Tears sting in Buck’s eyes, though that’s just about the smallest pain he feels. Even his stupid ribs don’t hurt as much as this. And it just isn’t fair. To finally know what you want, only to realize that you can’t have that. Because being aimless is one thing, but knowing you won’t ever come to the shores you call home? That’s damn well a curse.
Maddie moves into his line of vision. She places a warm hand on his back, extends her other hand to squeeze his forearm.
“Hey, hey. It’s alright,” she soothes.
“It’s actually not.”
It hasn’t been in a long time, but the fool he is, he failed to see it. Because he wanted to seem fine, because he wanted to be fine again. For everyone else and himself. So Evan would remain where he put him, protected, so Buck could get back to his feet and find a way to move forward again. To maybe find a life where Evan could come out and not bleed out from a lack of love.

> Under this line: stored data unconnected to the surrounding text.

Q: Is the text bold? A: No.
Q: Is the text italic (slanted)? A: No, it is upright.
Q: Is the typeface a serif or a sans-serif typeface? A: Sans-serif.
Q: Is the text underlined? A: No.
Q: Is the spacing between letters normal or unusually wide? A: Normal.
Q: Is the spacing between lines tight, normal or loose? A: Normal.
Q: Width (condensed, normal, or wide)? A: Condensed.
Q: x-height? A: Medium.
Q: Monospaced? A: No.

“Why not? I can only repeat it, there’s plenty of options to fulfill your dream,” Maddie tries to reassure him.
“There really isn’t. And that’s what makes this so damn stupid.” Tears now roll freely down his cheeks. Buck wipes at them angrily, relishes the small burn that comes with rubbing skin against skin.
“Why?”
“Because I know I want to be a father, but I… I want to be a father to a child I know I can’t be a father to,” Buck whimpers, almost choking on those truths that should have no business burning so much down his throat.
“You mean Connor’s and Kameron’s…,” Maddie mutters, but Buck interjects rather harshly, “No.”
Oh, and how he wished that was true. Because that would be easy. Anyone would understand, everyone assumes anyway. Buck wished it was that easy, but this situation only made him realize what he wanted, and just like he had to give over that child, he had to realize that he couldn’t ever get to where he wants to be.
“What child, then, if not their son?”
“Eddie’s son. Christopher.”
He pinches the bridge of his nose.
Biggest fuckin’ joke of my life.
“Christopher.”
“Yeah,” Buck croaks.
Christopher, always Christopher. In every brochure, every stock image, he saw that little guy with his dorky smile and glasses, heard his giggling, felt the way only that little guy could hug him. The boy he thought he had to give up on, knows he has to learn to let go, to be what he wants to be: A father.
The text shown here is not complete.